Vebrekotuzumab ± Anti-PD-1 in Pretreated Advanced ESCC

Inclusion Criteria16

• Willing to voluntarily sign the informed consent form and comply with the protocol requirements.
• Age ≥18 years on the day of signing the informed consent form, regardless of gender.
• Life expectancy ≥12 weeks.
• Patients with histologically confirmed advanced recurrent or metastatic esophageal squamous cell carcinoma (ESCC) and immunohistochemistry (IHC) confirmed positive epidermal growth factor receptor (EGFR) expression (IHC 1+, 2+, or 3+).
• Have experienced disease progression or intolerability after receiving at least one prior line of systemic therapy, which must have included an immune checkpoint inhibitor (e.g., anti-PD-1/PD-L1 antibody).
• The patient must be able to provide a tumor tissue sample (paraffin block, paraffin-embedded sections, or fresh tissue sections) from the primary or metastatic site for pathological testing. Archived tumor tissue from the most recent treatment should be used. If archived tissue is unavailable, a new biopsy must be performed.

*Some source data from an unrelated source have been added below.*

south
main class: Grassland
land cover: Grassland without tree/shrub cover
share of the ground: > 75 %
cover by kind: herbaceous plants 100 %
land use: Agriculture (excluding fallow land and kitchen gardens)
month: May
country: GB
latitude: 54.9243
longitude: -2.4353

• Must have radiographic evidence of disease progression confirmed by the investigator during or after the last treatment regimen. At baseline, there must be at least one measurable extracranial lesion per RECIST 1.1 criteria (longest diameter ≥10 mm on CT scan, or for lymph nodes, short axis ≥15 mm). The measurable lesion should not have been previously irradiated, unless it is within a prior radiation field or was previously treated locally and has documented progression.

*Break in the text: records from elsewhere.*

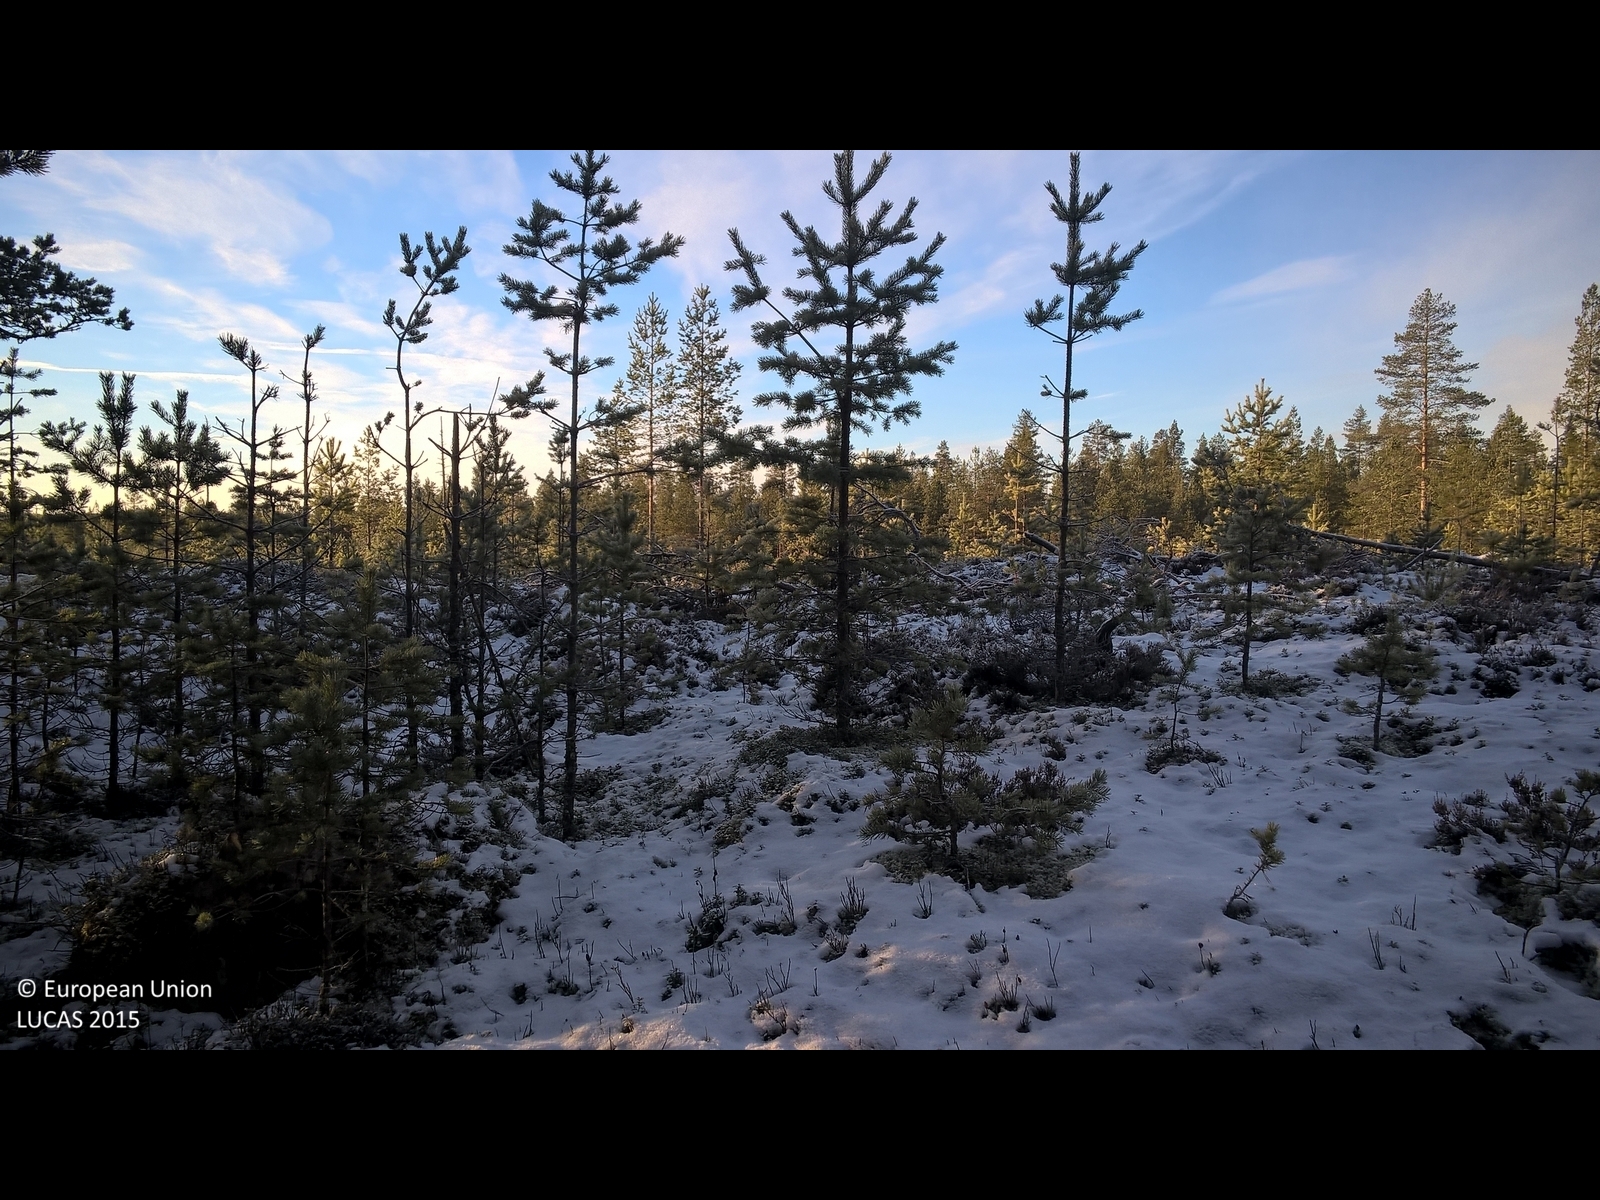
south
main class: Woodland
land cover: Pine dominated coniferous woodland
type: boreal forest
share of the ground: > 75 %
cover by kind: coniferous forest trees 75 %, lichens and mosses 25 %
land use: Forestry
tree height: > 5 m
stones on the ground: < 10 %
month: November
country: SE
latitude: 60.7295
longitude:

• All adverse events (AEs) from prior anti-tumor therapy have resolved to ≤ Grade 1 per the National Cancer Institute Common Terminology Criteria for Adverse Events (NCI CTCAE) Version 5.0 (except for alopecia, non-clinically significant or asymptomatic laboratory abnormalities).
• Eastern Cooperative Oncology Group (ECOG) Performance Status of 0 or 1 within 7 days prior to the first dose.

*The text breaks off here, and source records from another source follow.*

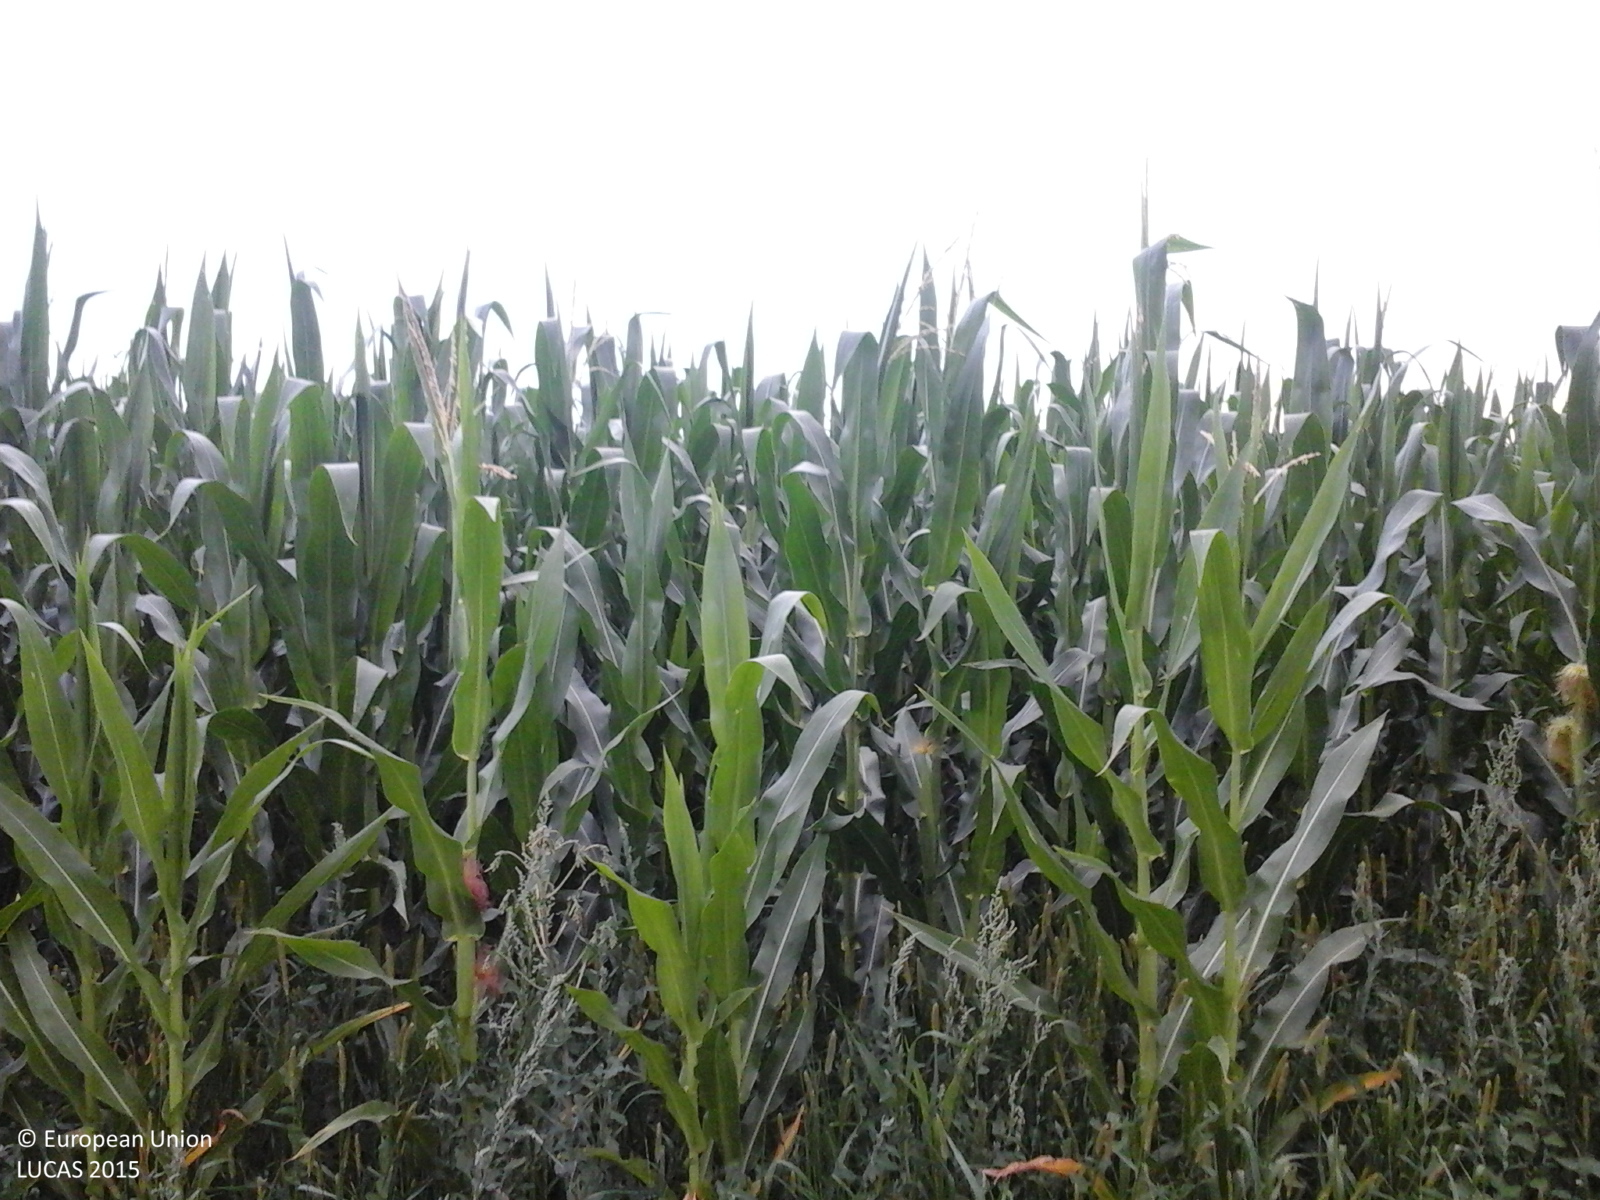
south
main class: Cropland
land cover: Maize
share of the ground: > 75 %
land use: Agriculture (excluding fallow land and kitchen gardens)
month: July
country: RO
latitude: 44.1268
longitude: 24.4004

• No serious cardiac dysfunction, with left ventricular ejection fraction (LVEF) ≥50% confirmed by echocardiography or MUGA scan within 28 days prior to the first dose.
• Adequate organ function within 7 days prior to the first dose, as defined by:
• Bone marrow: Absolute neutrophil count (ANC) ≥1.5 × 10⁹/L; platelet count ≥100 × 10⁹/L; hemoglobin ≥90 g/L. Patient must not have received any blood transfusion or blood component therapy within 14 days prior to the first dose, nor any biologic response modifiers (e.g., G-CSF, erythropoietin) within 7 days prior to the first dose.
• Liver: For patients without liver metastases: total bilirubin (TBIL) ≤1.5 × upper limit of normal (ULN); alanine aminotransferase (ALT) and aspartate aminotransferase (AST) ≤2.5 × ULN. For patients with liver metastases: TBIL ≤1.5 × ULN; ALT and AST ≤5 × ULN.
• Kidney: Serum creatinine (Cr) ≤1.5 × ULN, or calculated creatinine clearance (Cockcroft-Gault formula) ≥50 mL/min.
• Coagulation: International normalized ratio (INR) ≤1.5 × ULN and activated partial thromboplastin time (aPTT) ≤1.5 × ULN (unless the patient is receiving therapeutic anticoagulation).
• Male patients with reproductive potential and female patients of childbearing potential must be willing to use effective contraception from signing the ICF until 6 months after the last dose of the study drug. Women of childbearing potential include premenopausal women and women within 2 years of menopause onset. A negative serum pregnancy test result must be confirmed for women of childbearing potential within ≤7 days prior to the first study drug dose.